D3 - Into the data

Actually plotting things

Learning Objectives

Making axes
Actually plotting data (d3.enter)

We design our axes based on our data. This means we have to know the minimum and maximum values of our data and have to decide whether we want linear or logarithmic axes.

// Create a logarithmic scale for the income
var xScale = d3.scaleLog(); // income
xScale.domain([250, 1e5]); // set minimum and maximum value
xScale.range([0, canvas_width]); // set minimum and maximum range on the page

D3’s scale object provides a number of functions to create the scaling we want for our data. For example, we can choose between a logarithmic scale (d3.scaleLog), a linear scale (d3.scaleLinear), a square root scale (d3.scaleSqrt), or a categorical scale (e.g. d3.schemeCategory10 could represent 10 different colours).

The domain consists of the data values that will get mapped to the minimum and maximum positions on the page specified by the range. Often, the domain would be set to the minimum and maximum values of the data and the range to the edges of the plotting area.

Instead of spreading this code over three lines, we often find another notation online that achieves the same thing:

var xScale = d3.scaleLog().domain([250, 1e5]).range([0, canvas_width]);

These two notations are interchangeable and it is entirely up to you to use the one that seems more intuitive to you.

In the same way that we could switch setting up the domain and range in the more verbose notation, we can swap these two in the shorter notation without it making any difference.

The next step is to create the actual axis and linking it to the scale we just created:

// Creating the x axis.
var xAxis = d3.axisBottom(xScale);

axisBottom influences the orientation of the axis and the position of the ticks: on the bottom. Other options are also available: axisTop, axisLeft, and axisRight. We will still need to position it inside the canvas.

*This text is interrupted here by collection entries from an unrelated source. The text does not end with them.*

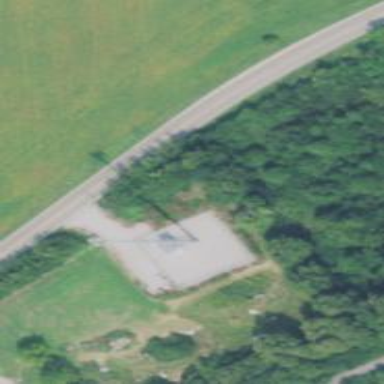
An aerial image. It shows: Mast tower used for communication.
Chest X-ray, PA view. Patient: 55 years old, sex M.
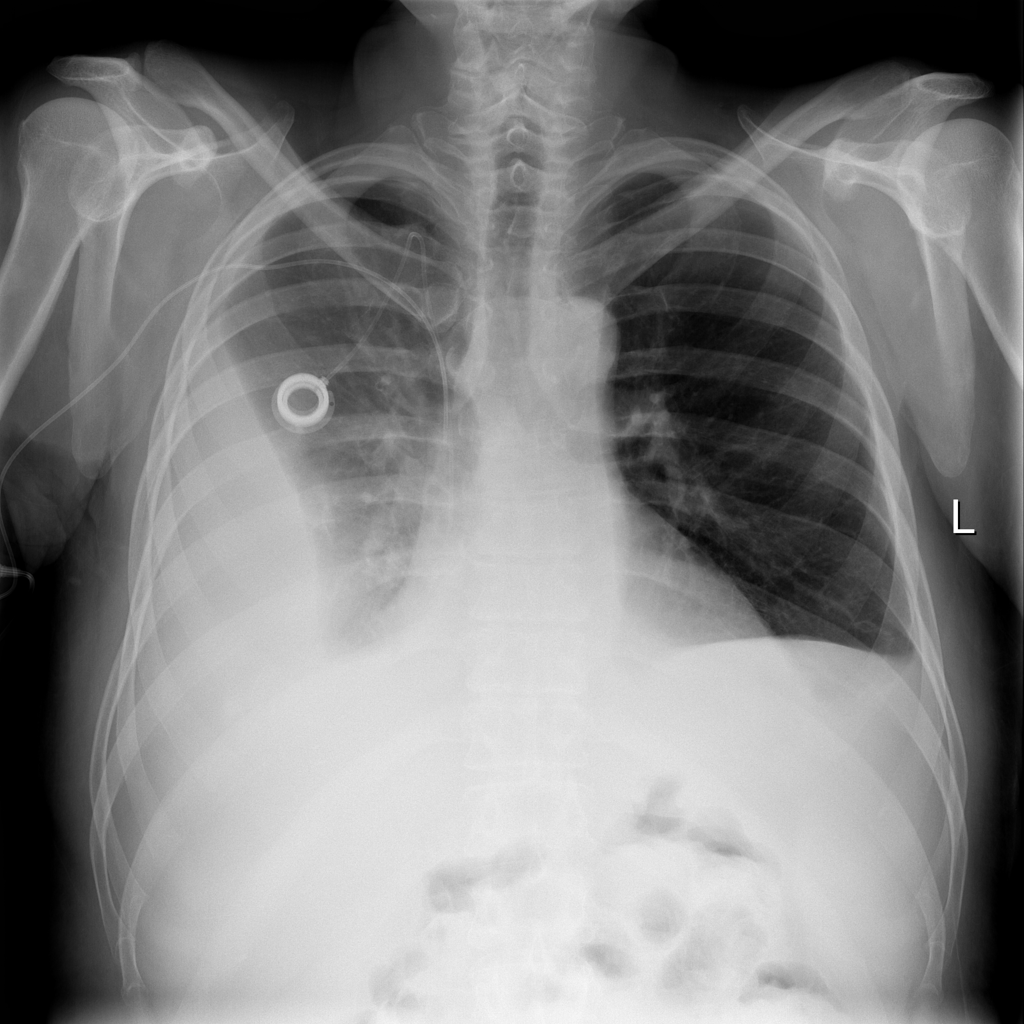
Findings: Consolidation, Effusion
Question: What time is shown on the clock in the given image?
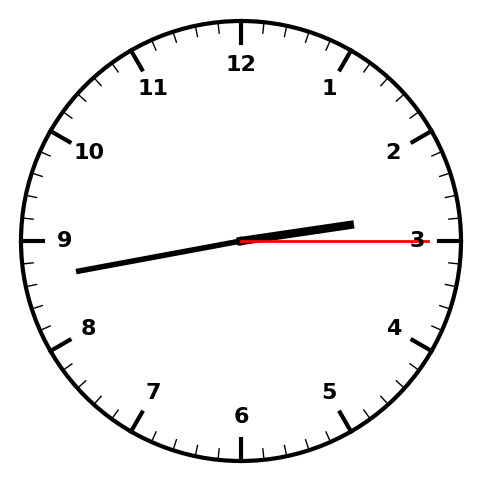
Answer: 02:43:15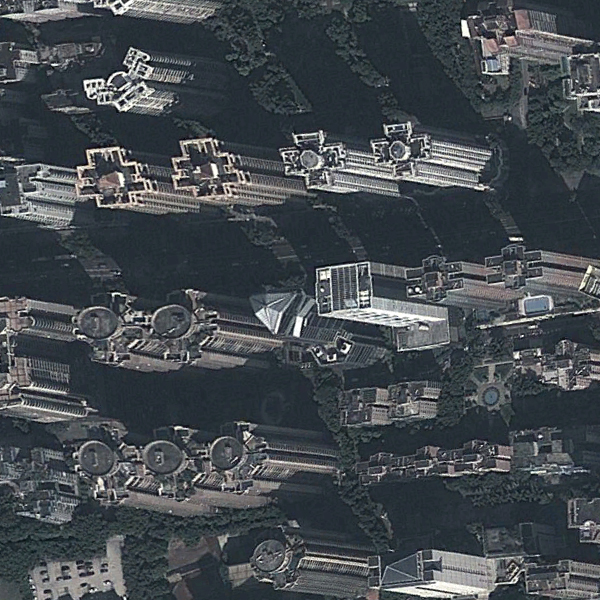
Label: Commercial
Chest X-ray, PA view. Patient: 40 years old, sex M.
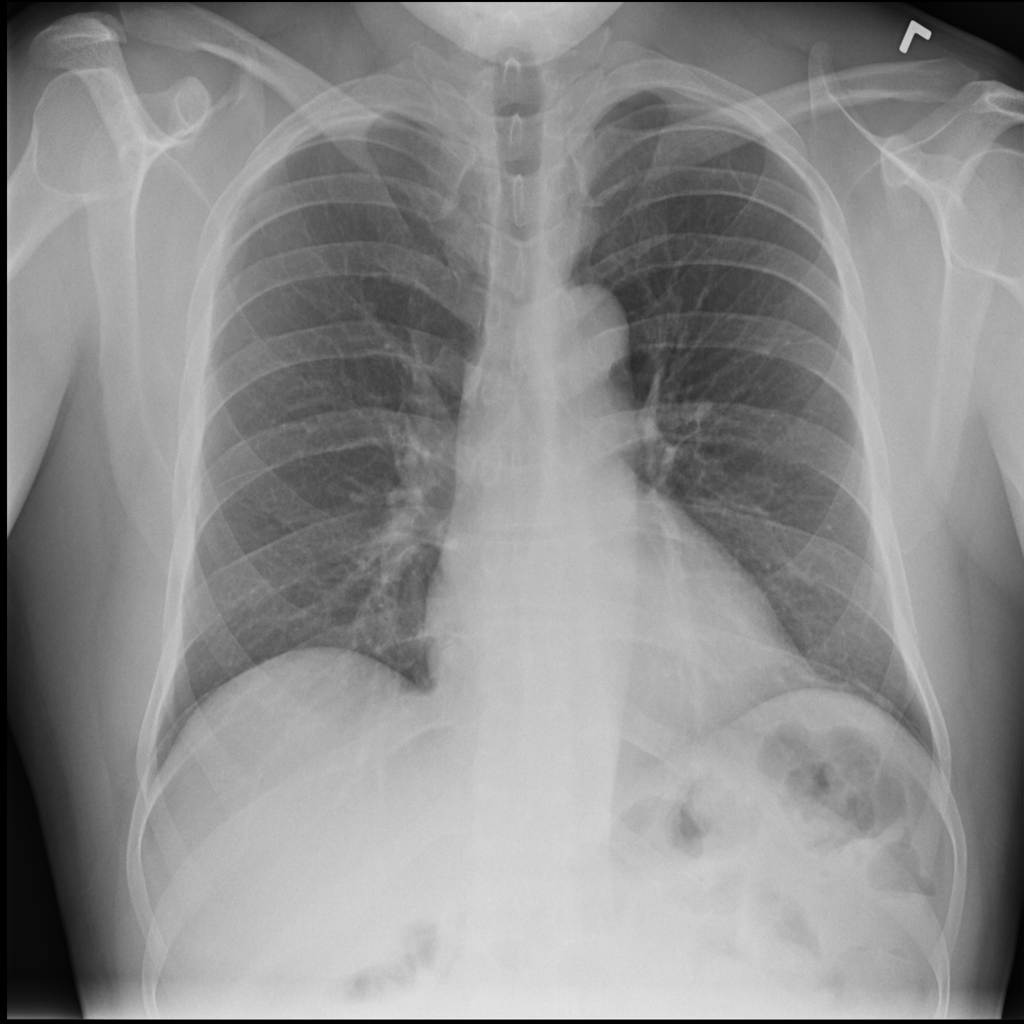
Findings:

So far, the x axis exists, but it’s not actually showing up anywhere on the page. To push the axis to our canvas, we create a new group element (using .append).

// Add the x-axis.
canvas.append("g")
    .attr("class", "x axis")
  .attr("transform", "translate(0," + canvas_height + ")")
  .call(xAxis);

.call calls the axis we just created and pushed it to the element. We add a transform attribute to move the axis to the bottom of the plotting area (instead of having it across the top). There are a number of transform options, but here we are just using translate and pass in the amount to shift the axis in the x and y directions, respectively. Here we shift it only in the y direction (i.e. down) by an amount given by height of the canvas. We also give it a class, just in case we might want to select the axis later in our code.

We might need a y-axis, too

Create a linear scale for the y-axis, with 10 being the minimum and 85 being the maximum value. Then, add the axis to the canvas.

We’re slowly getting there. Having our two axes, we can now finally add our data.

And now we’re ready to add one circle per data point! We don’t want to see all the data at once for now. Let’s instead just look at the most recent data point (data for 2009).

data structure

var data_canvas = canvas.append("g")
  .attr("class", "data_canvas");

var dot = data_canvas.selectAll(".dot")
  .data(nations, function(d){return d.name});

dot.enter().append("circle").attr("class","dot")
  .attr("cx", function(d) { return xScale(d.income[d.income.length-1]); })
  .attr("cy", function(d) { return yScale(d.lifeExpectancy[d.lifeExpectancy.length-1]); })
  .attr("r", 5);

We’re starting this bit by adding a g element to our canvas. This group is going to be our data canvas, so that’s the class name we give it. We then select everything of the class dot. This is an empty set at the moment, since we haven’t created any dots, yet. We are then telling our page where to find the data, using .data(nations).

We are also inserting what is called a key function .data(nations, function(d){return d.name});. This function will help D3 keep track of the data when we start changing it (and the order of the objects). It’s important to keep the identifier unique, which is why we return only the name of the current element.

Now comes the interesting part: The function enter() takes each element in the dataset and does everything that follows afterwards for each of these elements we’re adding in. These new dots need to be added with the class ‘dot’, so that next time we call data_canvas.selectAll(".dot") we get the dots that have already been added to our plot.

What we want to do is to create one circle for each data point. That’s what the last four lines of code do. They are creating the circle, and then setting the attributes cx, cy, and r. The attributes cx and cy define the position of the centre of the circle and are based on the income (we are looking at the most recent data point: [nation.income.length-1].) and life expectancy of the data point (that is temporarily called d). The radius is set to an arbitrary number… for now.

A new dimension

Change the code so that the radius of the circles represents the population. First, create a ‘sqrt’ scale with a minimum of 0 and a maximum of 5e8. The range should be between 0 and 40.